A full, exact copy of the listing is needed, with images omitted.

▶ _Supplied information_:
%%

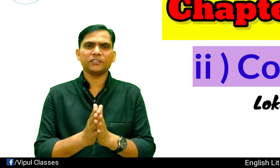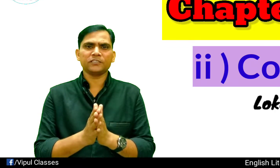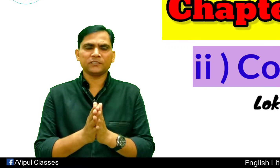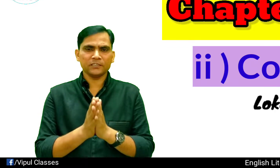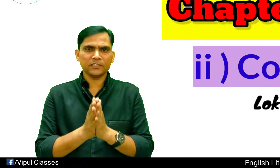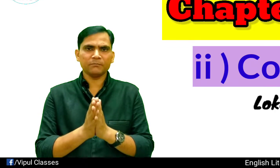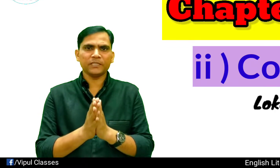कितने
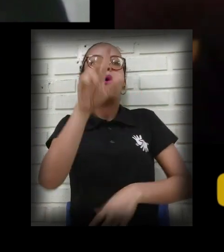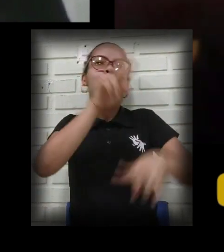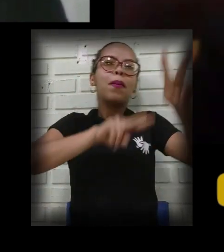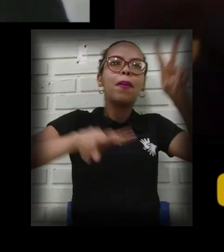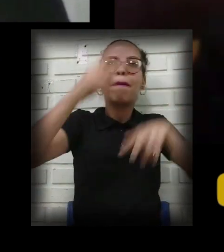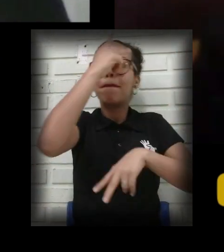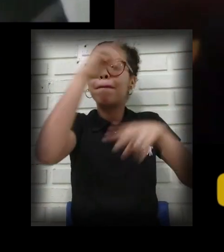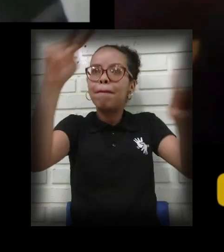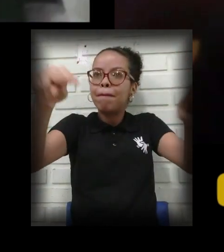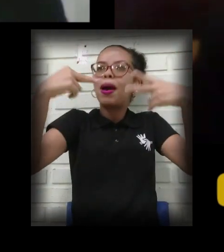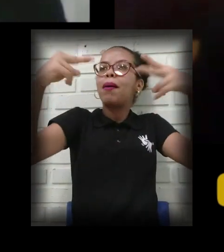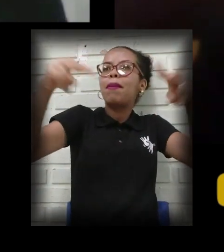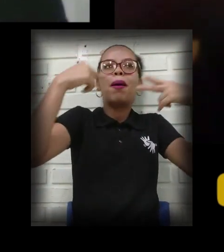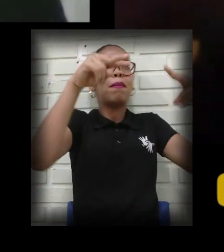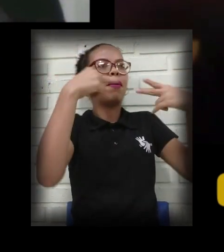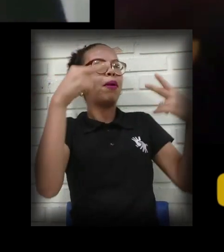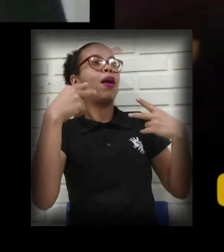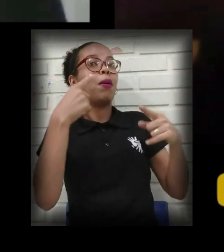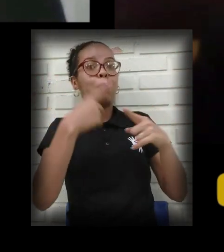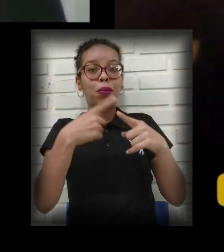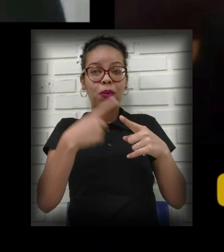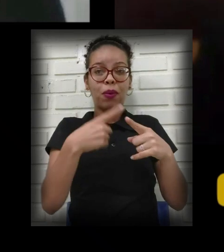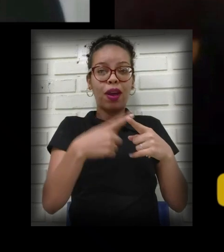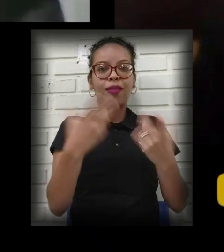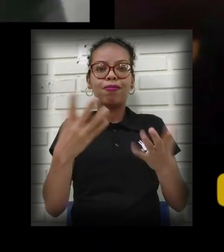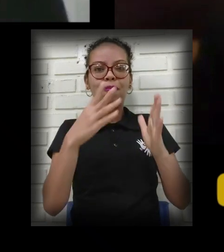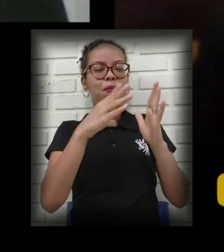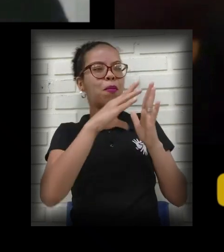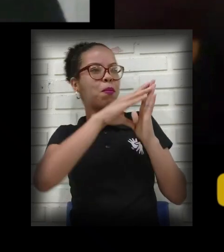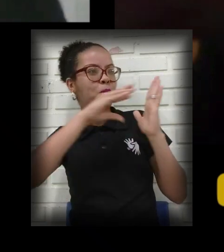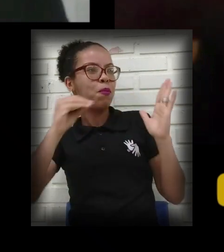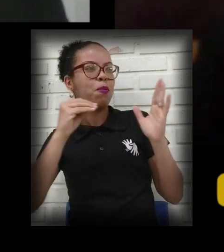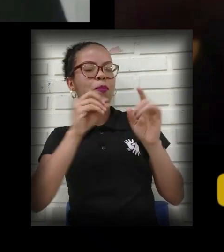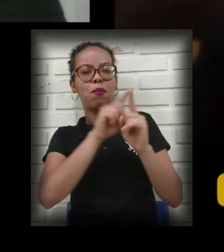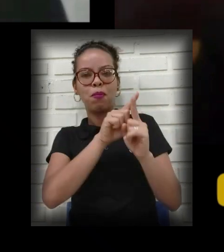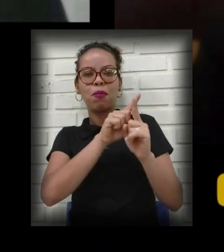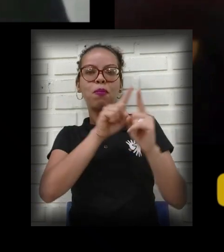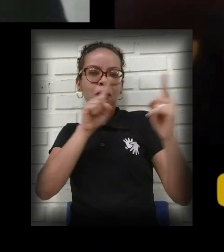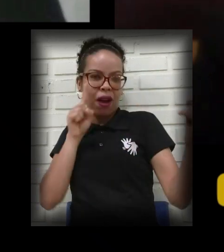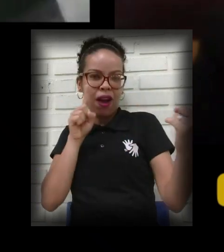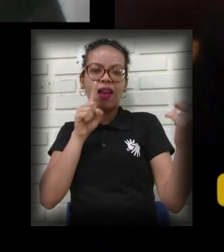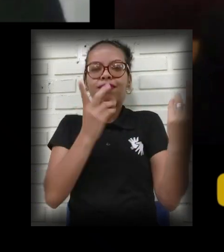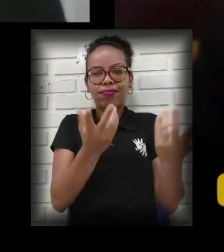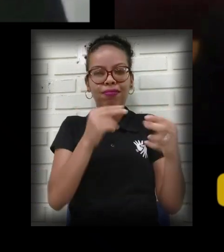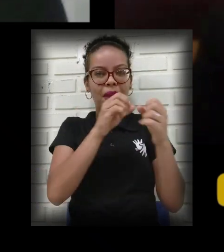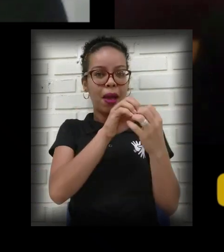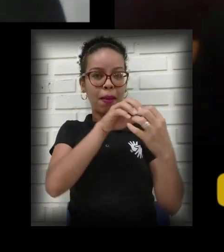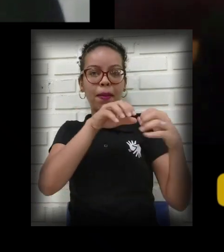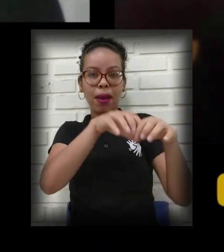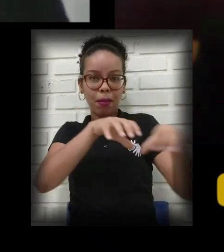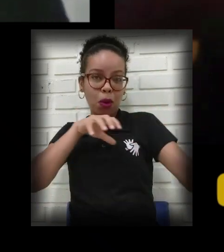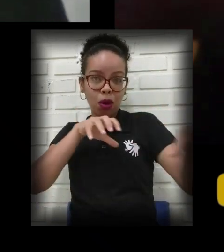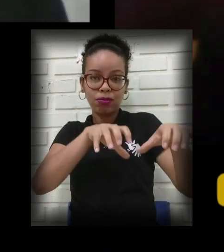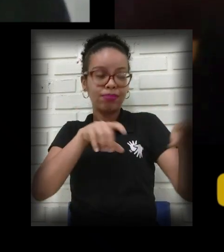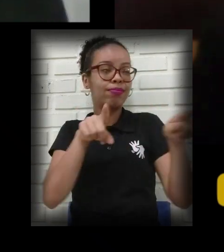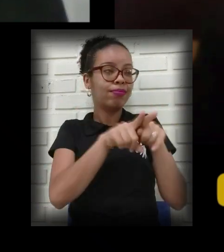maior devido a essa questão do modelo remoto e tal, videoconferências. Mas, assim,
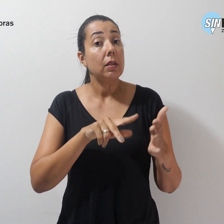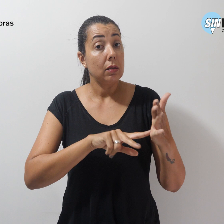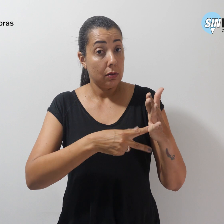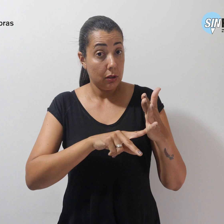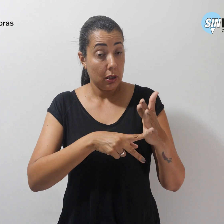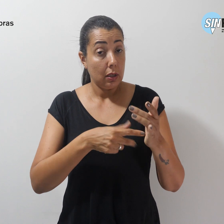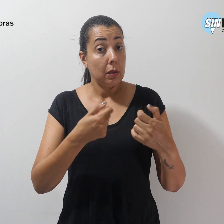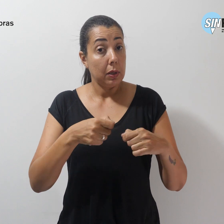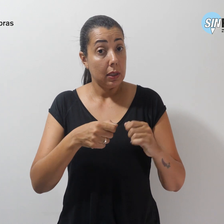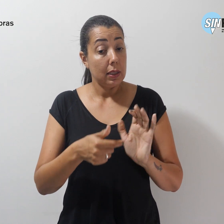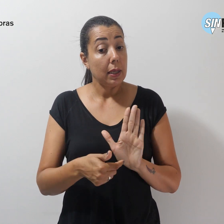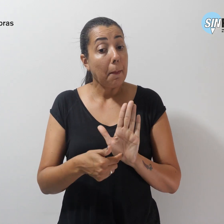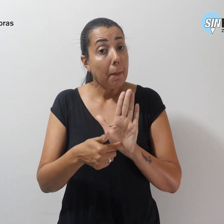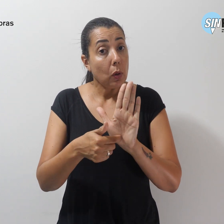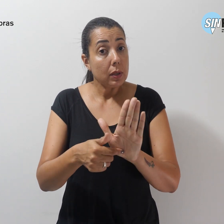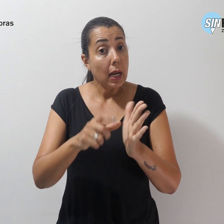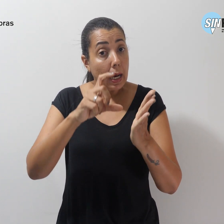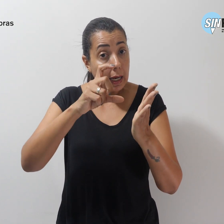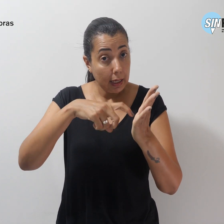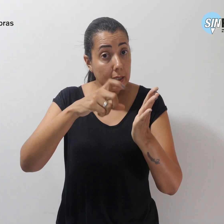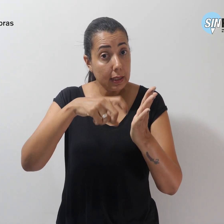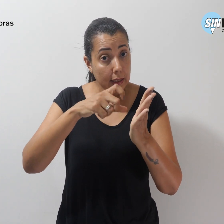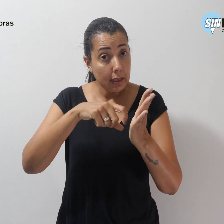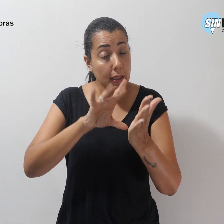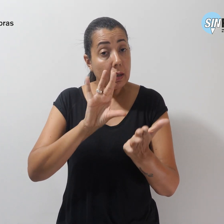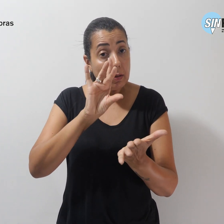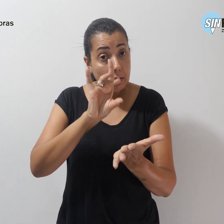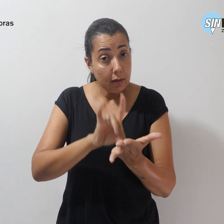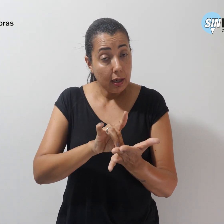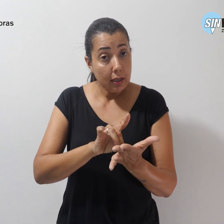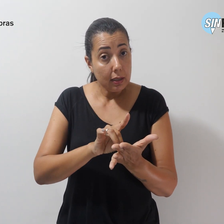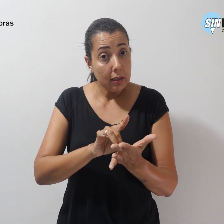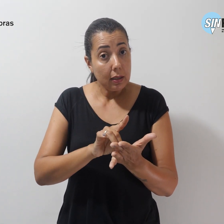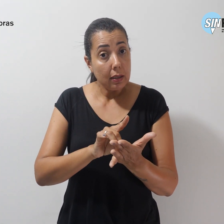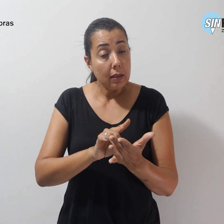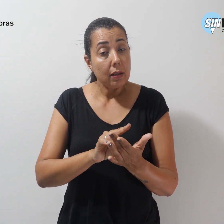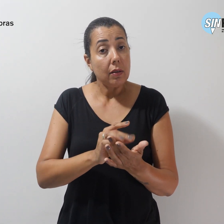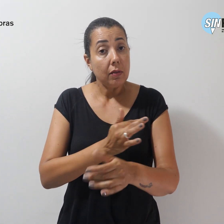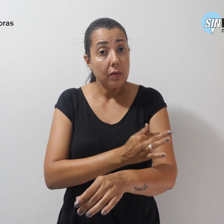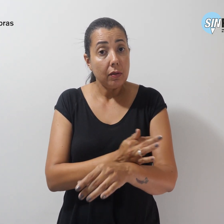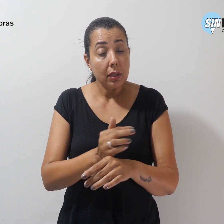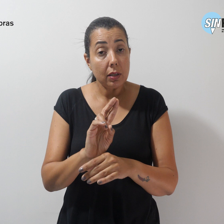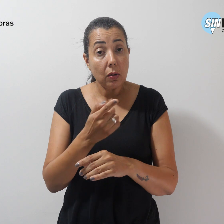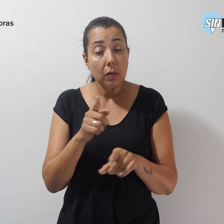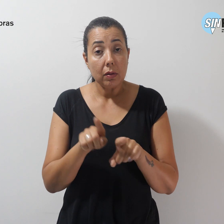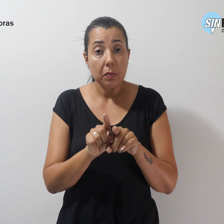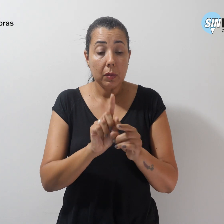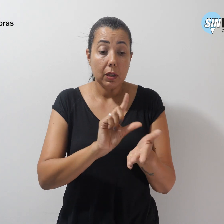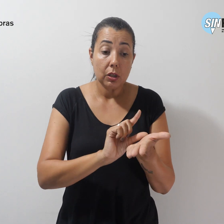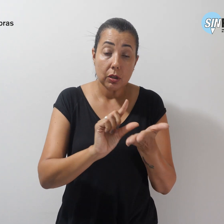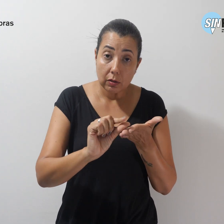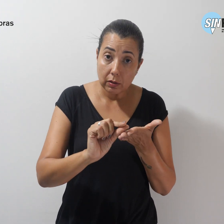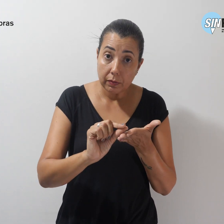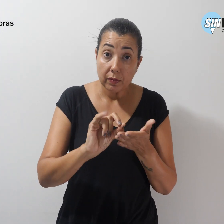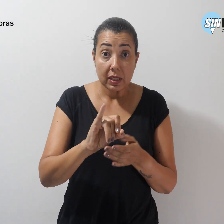deve apresentar a carteirinha válida em versão física ou digital. Se esquecer a

%%

▶ _Result for this exercise_:
कितने
maior devido a essa questão do modelo remoto e tal, videoconferências. Mas, assim,
deve apresentar a carteirinha válida em versão física ou digital. Se esquecer a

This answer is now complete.